Last Updated on August 1, 2023 by Editorial Team

Author(s): Shivamshinde

Originally published on Towards AI.

This article will discuss different cleaning techniques that are essential to obtain maximum performance from textual data.

Photo by Amador Loureiro on Unsplash

For the demonstration of the text cleaning methods, we will use the text dataset named ‘metamorphosis’ from Kaggle.

Let’s start with importing the required Python libraries for the cleaning process.

import nltk, re, string
from nltk.corpus import stopwords
from nltk.stem.porter import PorterStemmer

Now let’s load the dataset.

file_directory = 'link-to-the-dataset-local-directory'
file = open(file_directory, 'rt', encoding='utf-8')
text = file.read()
file.close()

note that for the above code cell to work, you need to put the local directory path of the data file.
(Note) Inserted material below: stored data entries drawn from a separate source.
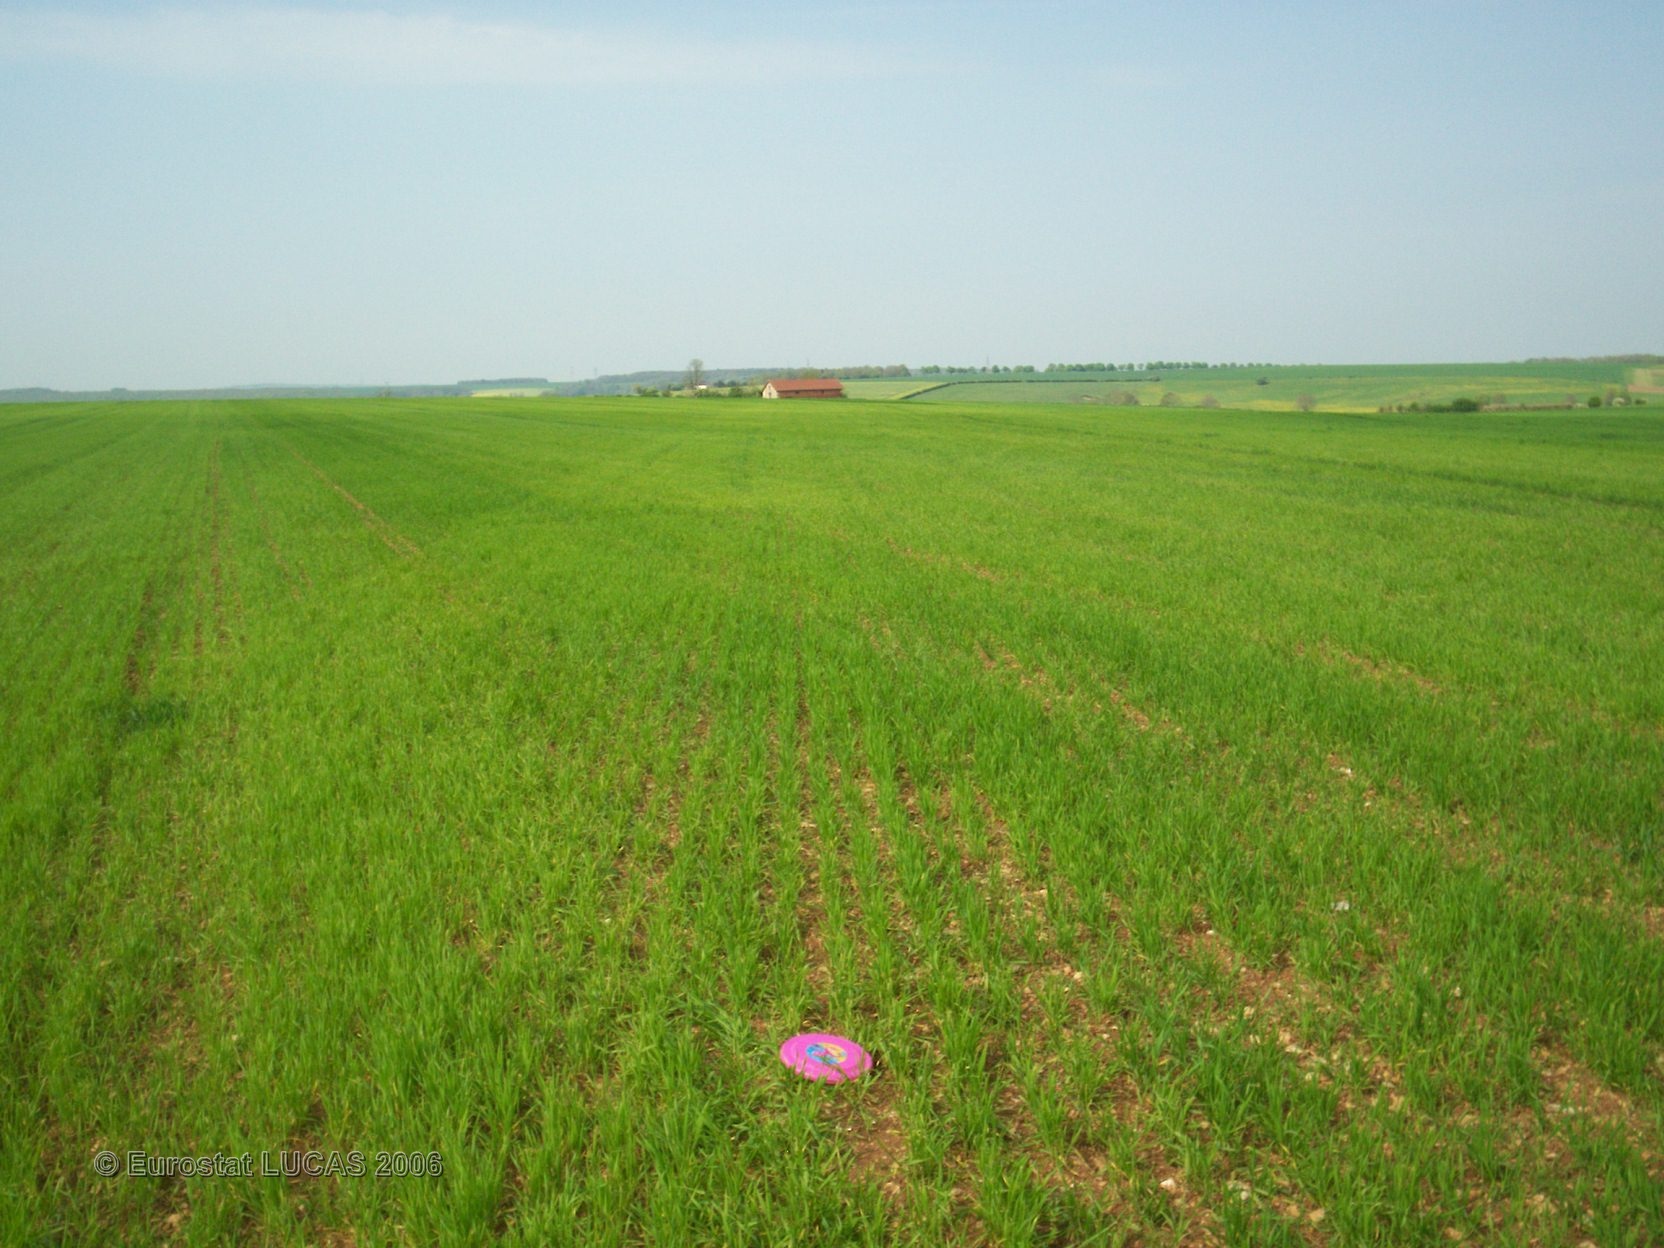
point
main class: Cropland
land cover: Common wheat
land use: Agriculture (excluding fallow land and kitchen gardens)
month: May
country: FR
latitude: 47.5523
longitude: 4.6441
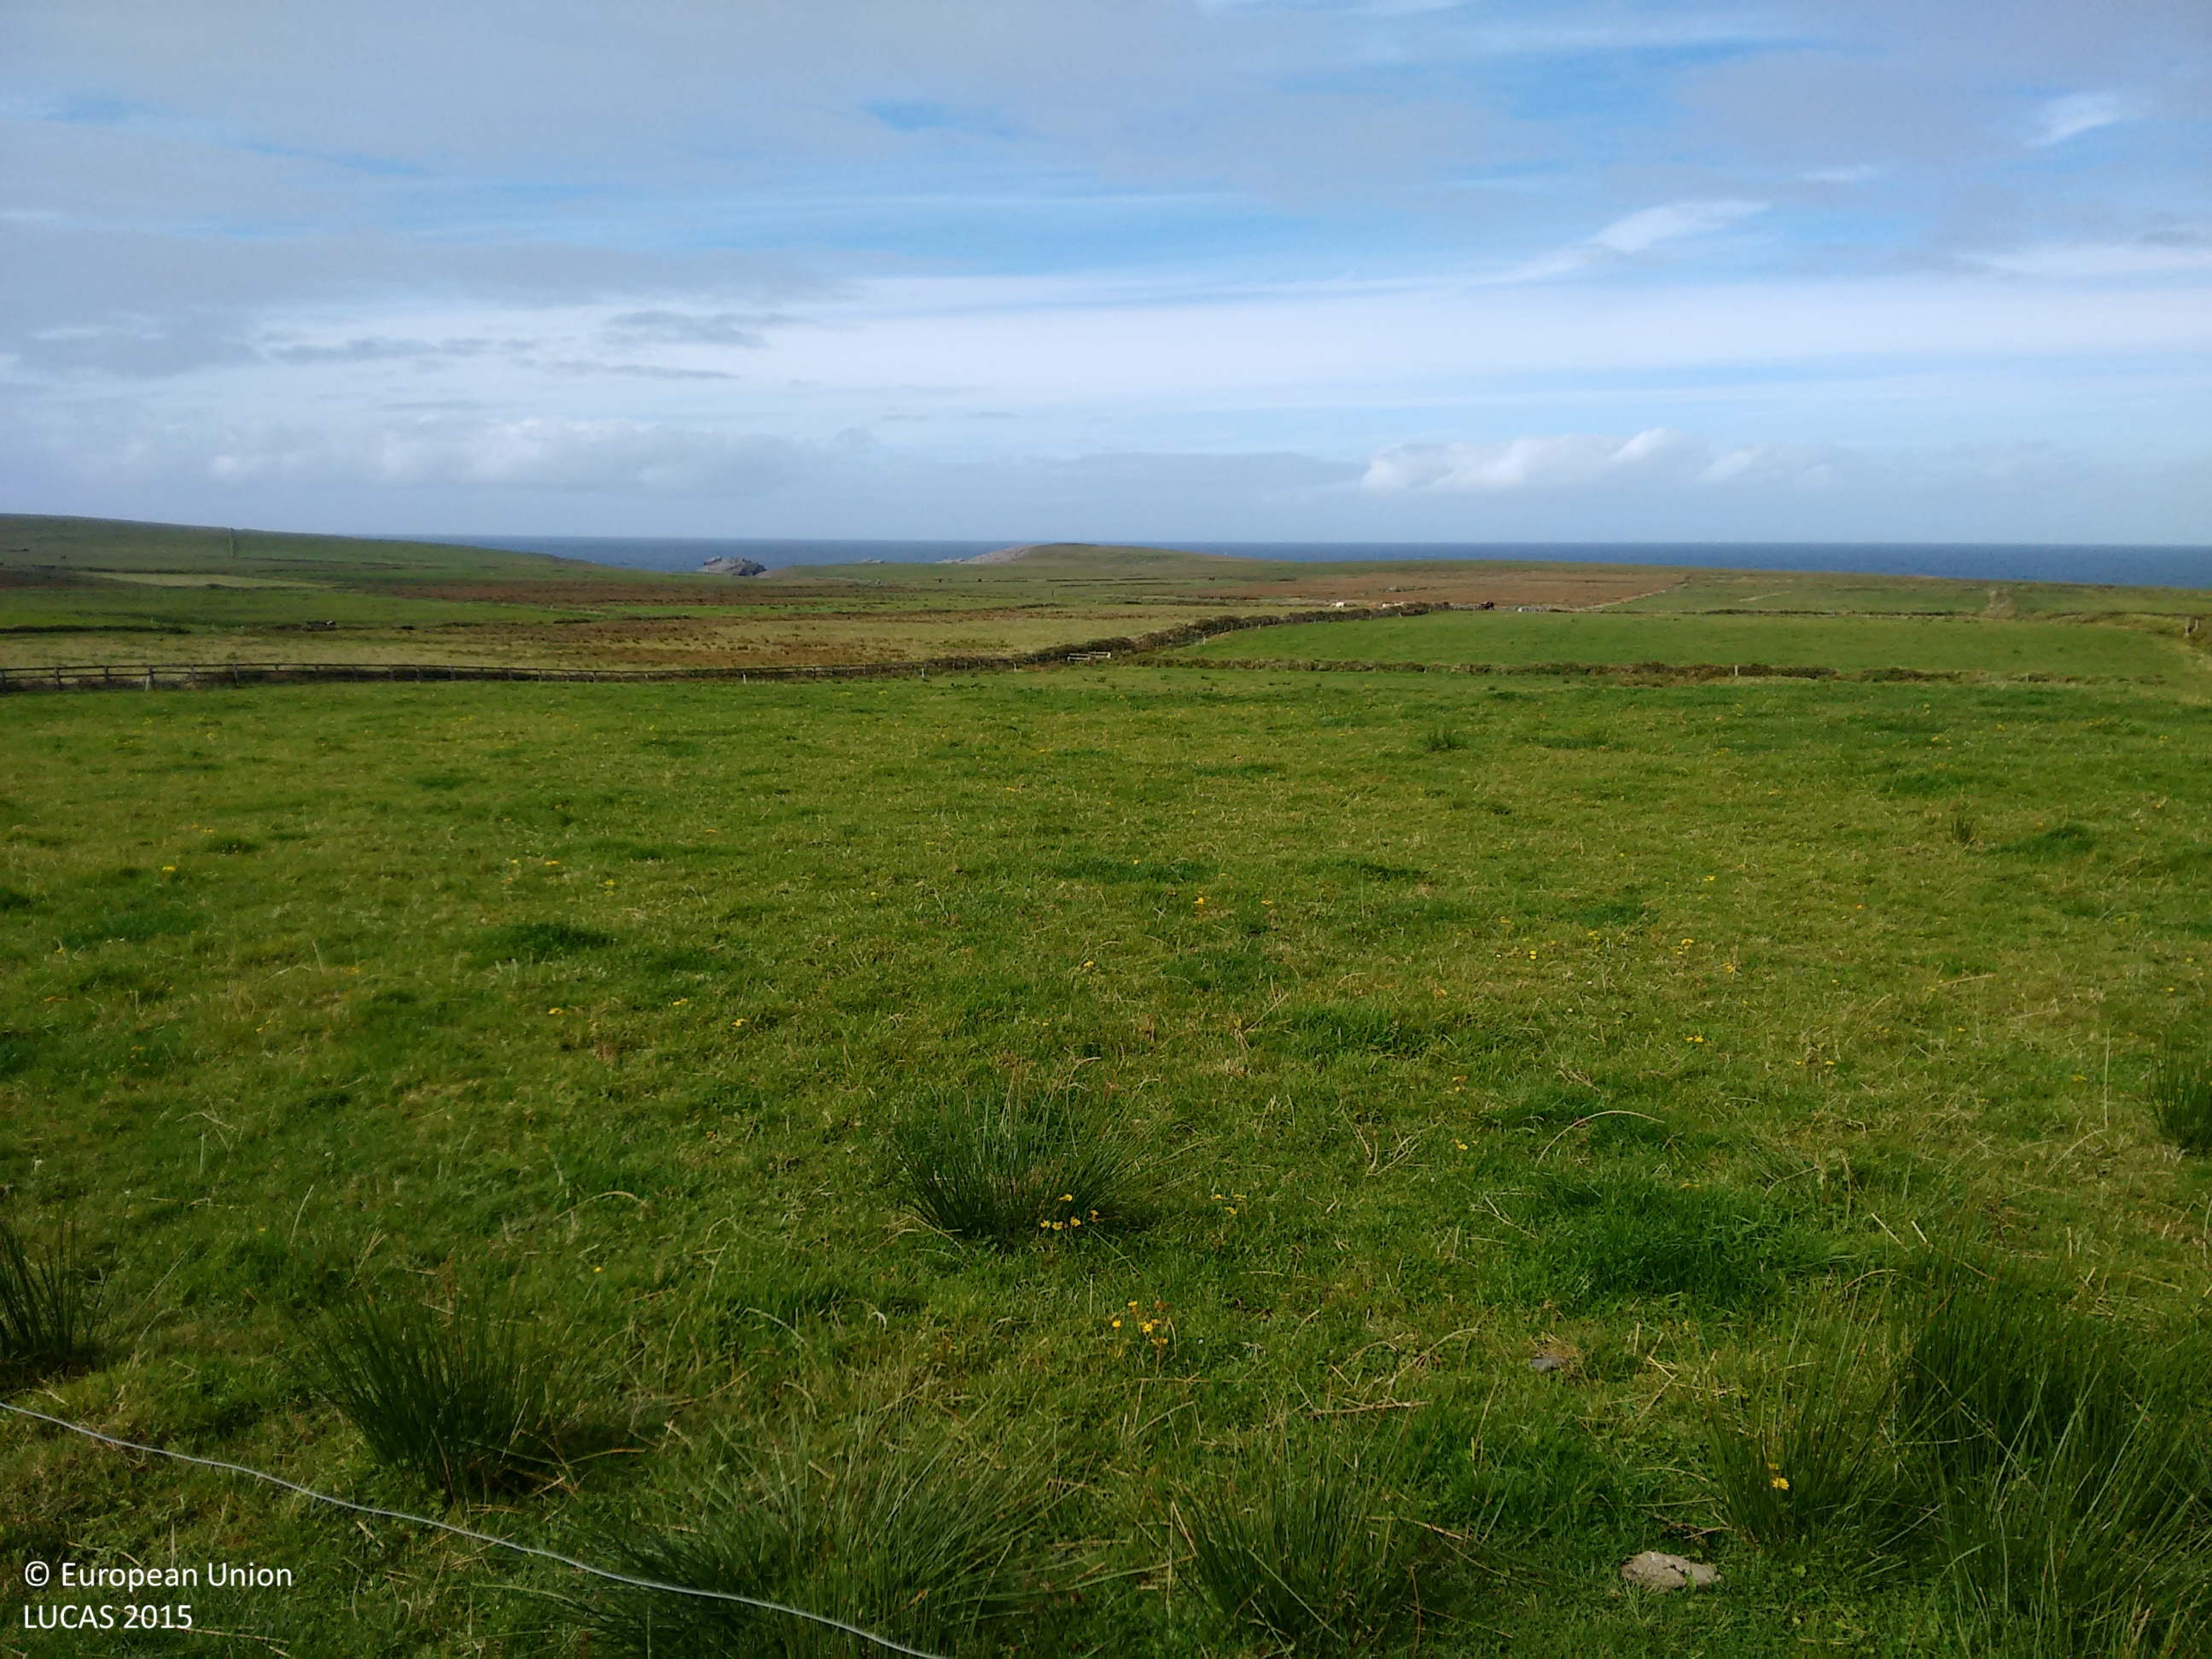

Splitting the text data into words by whitespace

words = text.split()
print(words[:120])

Here we are seeing that the punctuation is preserved (e.g. armour-like and wasn’t), which is nice. We can also see that end-of-sentence punctuation is kept with the last word (e.g., thought.), which is not great.

So, this time let’s try splitting the data using non-word characters.

words = re.split(r'\W+', text)
print(words[:120])

Here we see that words like ‘thought.’ have been converted into ‘thought’. But the problem is that the words like ‘wasn’t’ are converted into two words like ‘wasn’ and ‘t’. We need to fix it.

In Python, we can use string.punctuation to get a bunch of punctuations at once. We will use that to remove punctuation from our text

print(string.punctuation)

So now we will split the words by whitespace and then remove all the punctuations which have been recorded in the data

words = text.split()
re_punc = re.compile('[%s]' % re.escape(string.punctuation))
stripped = [re_punc.sub('', word) for word in words]
print(stripped[:120])

Here we can see that we don’t have the words like ‘thought.’ but we also have words like ‘wasn’t’ which is correct.

Sometimes the text also contains characters that are not printable. We need to filter those out too. To do this, we can use Python ‘string.printable’ which gives us a bunch of characters that can be printed. So, we will remove the characters which are not present in this list.

re_print = re.compile('[^%s]' % re.escape(string.printable))
result = [re_print.sub('', word) for word in stripped]
print(result[:120])

Now let’s make all the words into lowercase. This will reduce our vocabulary. But this has some disadvantages also. After doing this, two words such as ‘Apple’ as in company and ‘apple’ as a fruit will be considered the same entity.

result = [word.lower() for word in result]
print(result[:120])

Also, words with one character won’t contribute to most of the NLP tasks. So we will be removing those too.

result = [word for word in result if len(word) > 1]
print(result[:120])

In NLP, frequent words such as ‘is’, ‘as’, ‘the’ do not contribute much to the model training. So such words are known as stop words and removing them in the text-cleaning process is suggested.

import nltk
from nltk.corpus import stopwords

stop_words = stopwords.words('english')
print(stop_words)
result = [word for word in result if word not in set(stop_words)]
print(words[:110])

Now, at this point, we will reduce words with the same intent to a single word. For example, we will reduce the words ‘running’, ‘run’, and ‘runs’ to the word ‘run’ only since all three words give the same meaning to the model during training. This can be performed using PorterStemmer class in nltk library.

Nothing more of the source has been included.